Records from a dataset:

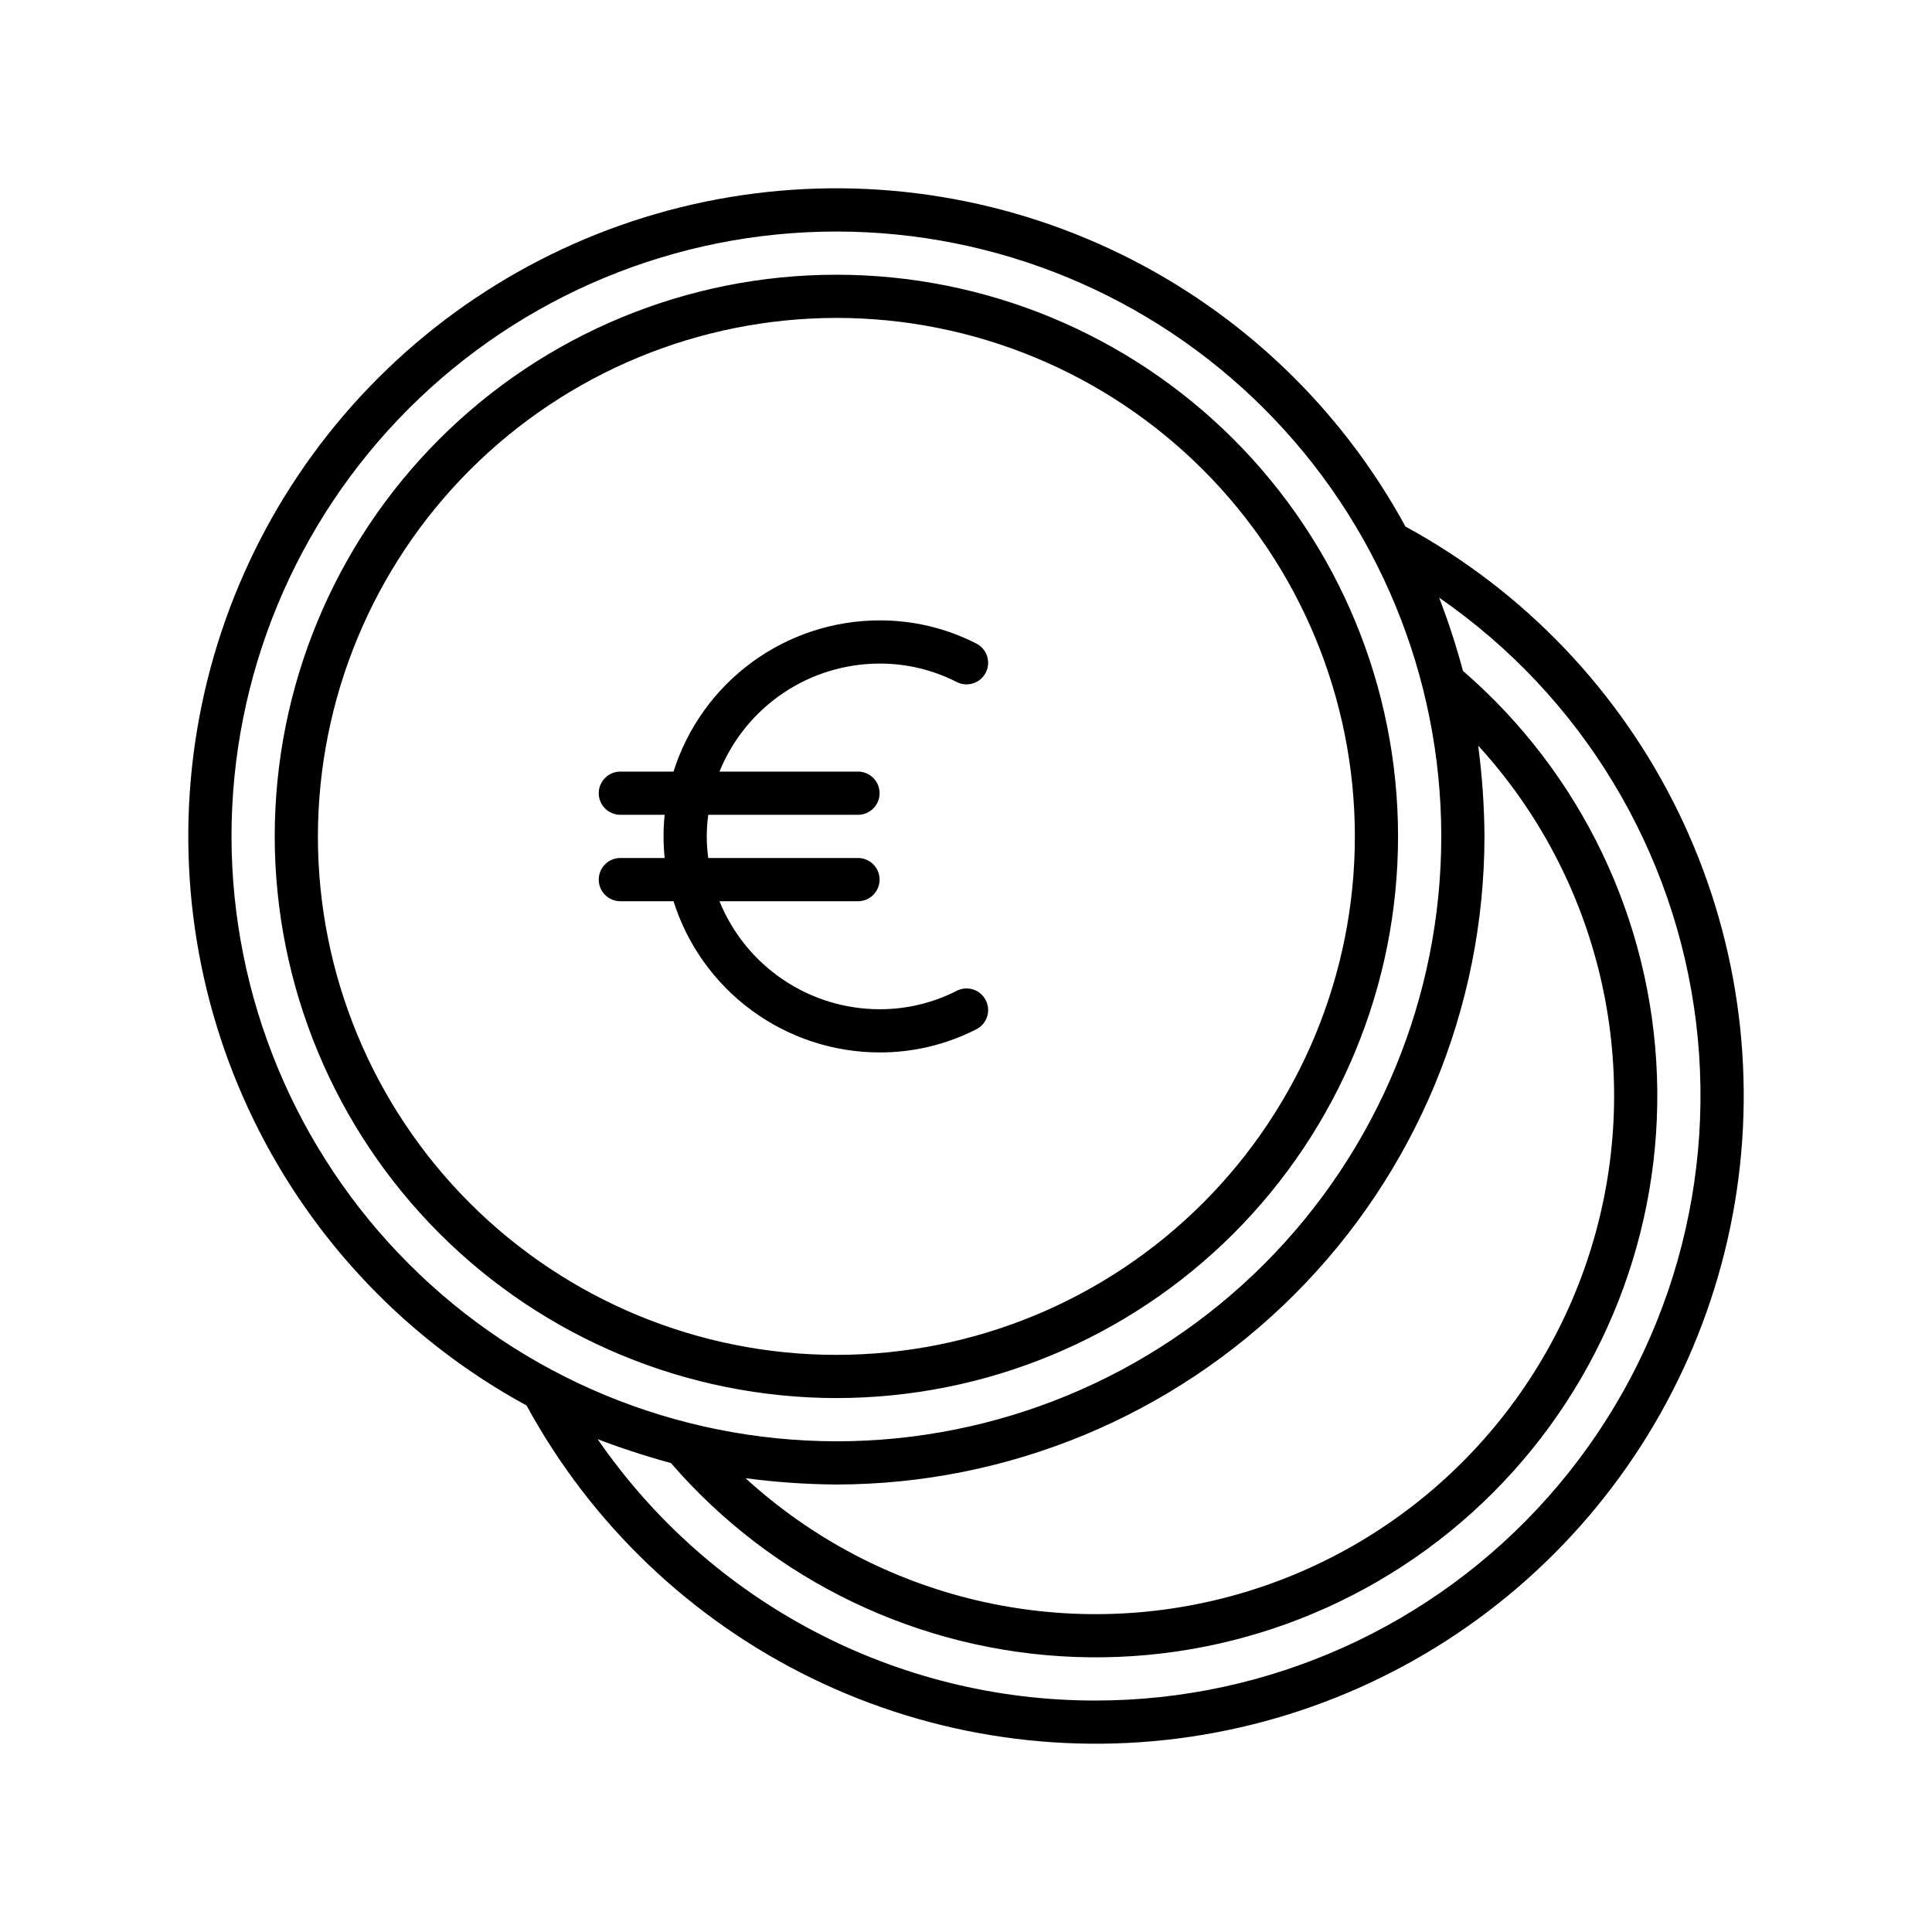 <?xml version="1.0" encoding="UTF-8"?>
<!-- Uploaded to: ICON Repo, www.iconrepo.com, Generator: ICON Repo Mixer Tools -->
<svg fill="#000000" width="800px" height="800px" version="1.1" viewBox="144 144 512 512" xmlns="http://www.w3.org/2000/svg">
 <path d="m365.65 514.5c39.477 0 77.34-15.684 105.25-43.598 27.914-27.914 43.598-65.777 43.598-105.25 0-39.48-15.684-77.34-43.598-105.25-27.914-27.918-65.777-43.598-105.25-43.598-39.48 0-77.34 15.68-105.25 43.598-27.918 27.914-43.598 65.773-43.598 105.25 0.043 39.465 15.738 77.301 43.645 105.21 27.906 27.902 65.742 43.602 105.21 43.645zm0-286.25c36.441 0 71.391 14.477 97.156 40.242 25.77 25.77 40.246 60.719 40.246 97.16 0 36.441-14.477 71.391-40.246 97.156-25.766 25.77-60.715 40.246-97.156 40.246-36.441 0-71.391-14.477-97.16-40.246-25.766-25.766-40.242-60.715-40.242-97.156 0.039-36.43 14.531-71.355 40.289-97.113 25.758-25.758 60.684-40.25 97.113-40.289zm150.82 55.301h-0.004c-17.078-31.391-43.527-56.672-75.652-72.316-32.129-15.645-68.34-20.879-103.58-14.973-35.246 5.91-67.77 22.668-93.035 47.938-25.27 25.266-42.027 57.789-47.938 93.035-5.906 35.242-0.676 71.453 14.973 103.58 15.645 32.125 40.926 58.574 72.312 75.652 17.082 31.387 43.531 56.664 75.656 72.309 32.129 15.641 68.336 20.875 103.58 14.965 35.238-5.91 67.762-22.664 93.027-47.934 25.266-25.266 42.023-57.785 47.934-93.027 5.91-35.242 0.676-71.449-14.965-103.58-15.645-32.125-40.922-58.574-72.309-75.652zm-150.82 253.86c45.535-0.055 89.191-18.164 121.39-50.363 32.199-32.199 50.309-75.855 50.363-121.39-0.055-8.047-0.613-16.086-1.672-24.062 32.156 35.152 43.812 84.449 30.801 130.28-13.012 45.828-48.832 81.648-94.66 94.664-45.832 13.012-95.129 1.359-130.29-30.797 7.981 1.055 16.016 1.613 24.062 1.668zm-160.3-171.75c0-42.516 16.891-83.289 46.953-113.35s70.836-46.953 113.35-46.953c42.516 0 83.289 16.891 113.35 46.953s46.949 70.836 46.949 113.35c0 42.516-16.887 83.289-46.949 113.35s-70.836 46.949-113.35 46.949c-42.5-0.047-83.246-16.949-113.3-47.004-30.051-30.051-46.957-70.797-47.004-113.3zm229 229c-52.711 0.066-102.07-25.844-131.96-69.266 4.207 1.672 12.746 4.559 19.406 6.32 27.039 31.277 65.871 49.898 107.19 51.398 41.316 1.496 81.395-14.258 110.63-43.496 29.234-29.234 44.988-69.316 43.488-110.63-1.5-41.316-20.121-80.148-51.402-107.19-1.758-6.578-3.867-13.055-6.316-19.41 37.766 26.062 62.559 67.059 68.094 112.61 5.535 45.551-8.711 91.293-39.137 125.64-30.422 34.352-74.109 54.02-120 54.023zm-125.95-223.28h11.742c-0.191-1.883-0.293-3.789-0.293-5.723 0-1.934 0.102-3.84 0.289-5.727h-11.738c-3.164 0-5.727-2.562-5.727-5.723 0-3.164 2.562-5.727 5.727-5.727h14.09c3.668-11.613 10.938-21.758 20.754-28.961 9.82-7.207 21.676-11.098 33.855-11.113 8.852-0.023 17.582 2.051 25.477 6.055 1.398 0.656 2.473 1.852 2.977 3.312 0.504 1.461 0.398 3.066-0.297 4.445-0.699 1.379-1.922 2.422-3.398 2.883-1.473 0.465-3.074 0.312-4.434-0.422-6.297-3.191-13.262-4.844-20.324-4.824-9.117 0.012-18.023 2.742-25.578 7.84-7.559 5.102-13.426 12.336-16.852 20.785h36.703c3.164 0 5.727 2.562 5.727 5.727 0 3.16-2.562 5.723-5.727 5.723h-39.676c-0.531 3.801-0.531 7.652 0 11.449h39.676c3.164 0 5.727 2.566 5.727 5.727 0 3.164-2.562 5.727-5.727 5.727h-36.703c3.426 8.449 9.293 15.684 16.852 20.781 7.555 5.102 16.461 7.832 25.578 7.844 7.062 0.02 14.027-1.637 20.324-4.824 1.359-0.734 2.961-0.887 4.434-0.426 1.477 0.465 2.699 1.504 3.398 2.887 0.695 1.379 0.801 2.984 0.297 4.445-0.504 1.461-1.578 2.656-2.977 3.312-7.894 4.004-16.625 6.078-25.477 6.055-12.18-0.016-24.035-3.906-33.855-11.113-9.816-7.203-17.086-17.348-20.754-28.961h-14.09c-3.164 0-5.727-2.562-5.727-5.727 0-3.16 2.562-5.727 5.727-5.727z"/>
</svg>

TASK GOAL: A faithful copy of every entry is needed, omitting each image.

RESPONSE:
 <?xml version="1.0" encoding="UTF-8"?>
<!-- Uploaded to: ICON Repo, www.iconrepo.com, Generator: ICON Repo Mixer Tools -->
<svg fill="#000000" width="800px" height="800px" version="1.1" viewBox="144 144 512 512" xmlns="http://www.w3.org/2000/svg">
 <path d="m365.65 514.5c39.477 0 77.34-15.684 105.25-43.598 27.914-27.914 43.598-65.777 43.598-105.25 0-39.48-15.684-77.34-43.598-105.25-27.914-27.918-65.777-43.598-105.25-43.598-39.48 0-77.34 15.68-105.25 43.598-27.918 27.914-43.598 65.773-43.598 105.25 0.043 39.465 15.738 77.301 43.645 105.21 27.906 27.902 65.742 43.602 105.21 43.645zm0-286.25c36.441 0 71.391 14.477 97.156 40.242 25.77 25.77 40.246 60.719 40.246 97.16 0 36.441-14.477 71.391-40.246 97.156-25.766 25.77-60.715 40.246-97.156 40.246-36.441 0-71.391-14.477-97.16-40.246-25.766-25.766-40.242-60.715-40.242-97.156 0.039-36.43 14.531-71.355 40.289-97.113 25.758-25.758 60.684-40.25 97.113-40.289zm150.82 55.301h-0.004c-17.078-31.391-43.527-56.672-75.652-72.316-32.129-15.645-68.34-20.879-103.58-14.973-35.246 5.91-67.77 22.668-93.035 47.938-25.27 25.266-42.027 57.789-47.938 93.035-5.906 35.242-0.676 71.453 14.973 103.58 15.645 32.125 40.926 58.574 72.312 75.652 17.082 31.387 43.531 56.664 75.656 72.309 32.129 15.641 68.336 20.875 103.58 14.965 35.238-5.91 67.762-22.664 93.027-47.934 25.266-25.266 42.023-57.785 47.934-93.027 5.91-35.242 0.676-71.449-14.965-103.58-15.645-32.125-40.922-58.574-72.309-75.652zm-150.82 253.86c45.535-0.055 89.191-18.164 121.39-50.363 32.199-32.199 50.309-75.855 50.363-121.39-0.055-8.047-0.613-16.086-1.672-24.062 32.156 35.152 43.812 84.449 30.801 130.28-13.012 45.828-48.832 81.648-94.66 94.664-45.832 13.012-95.129 1.359-130.29-30.797 7.981 1.055 16.016 1.613 24.062 1.668zm-160.3-171.75c0-42.516 16.891-83.289 46.953-113.35s70.836-46.953 113.35-46.953c42.516 0 83.289 16.891 113.35 46.953s46.949 70.836 46.949 113.35c0 42.516-16.887 83.289-46.949 113.35s-70.836 46.949-113.35 46.949c-42.5-0.047-83.246-16.949-113.3-47.004-30.051-30.051-46.957-70.797-47.004-113.3zm229 229c-52.711 0.066-102.07-25.844-131.96-69.266 4.207 1.672 12.746 4.559 19.406 6.32 27.039 31.277 65.871 49.898 107.19 51.398 41.316 1.496 81.395-14.258 110.63-43.496 29.234-29.234 44.988-69.316 43.488-110.63-1.5-41.316-20.121-80.148-51.402-107.19-1.758-6.578-3.867-13.055-6.316-19.41 37.766 26.062 62.559 67.059 68.094 112.61 5.535 45.551-8.711 91.293-39.137 125.64-30.422 34.352-74.109 54.02-120 54.023zm-125.95-223.28h11.742c-0.191-1.883-0.293-3.789-0.293-5.723 0-1.934 0.102-3.84 0.289-5.727h-11.738c-3.164 0-5.727-2.562-5.727-5.723 0-3.164 2.562-5.727 5.727-5.727h14.09c3.668-11.613 10.938-21.758 20.754-28.961 9.82-7.207 21.676-11.098 33.855-11.113 8.852-0.023 17.582 2.051 25.477 6.055 1.398 0.656 2.473 1.852 2.977 3.312 0.504 1.461 0.398 3.066-0.297 4.445-0.699 1.379-1.922 2.422-3.398 2.883-1.473 0.465-3.074 0.312-4.434-0.422-6.297-3.191-13.262-4.844-20.324-4.824-9.117 0.012-18.023 2.742-25.578 7.84-7.559 5.102-13.426 12.336-16.852 20.785h36.703c3.164 0 5.727 2.562 5.727 5.727 0 3.16-2.562 5.723-5.727 5.723h-39.676c-0.531 3.801-0.531 7.652 0 11.449h39.676c3.164 0 5.727 2.566 5.727 5.727 0 3.164-2.562 5.727-5.727 5.727h-36.703c3.426 8.449 9.293 15.684 16.852 20.781 7.555 5.102 16.461 7.832 25.578 7.844 7.062 0.02 14.027-1.637 20.324-4.824 1.359-0.734 2.961-0.887 4.434-0.426 1.477 0.465 2.699 1.504 3.398 2.887 0.695 1.379 0.801 2.984 0.297 4.445-0.504 1.461-1.578 2.656-2.977 3.312-7.894 4.004-16.625 6.078-25.477 6.055-12.18-0.016-24.035-3.906-33.855-11.113-9.816-7.203-17.086-17.348-20.754-28.961h-14.09c-3.164 0-5.727-2.562-5.727-5.727 0-3.16 2.562-5.727 5.727-5.727z"/>
</svg>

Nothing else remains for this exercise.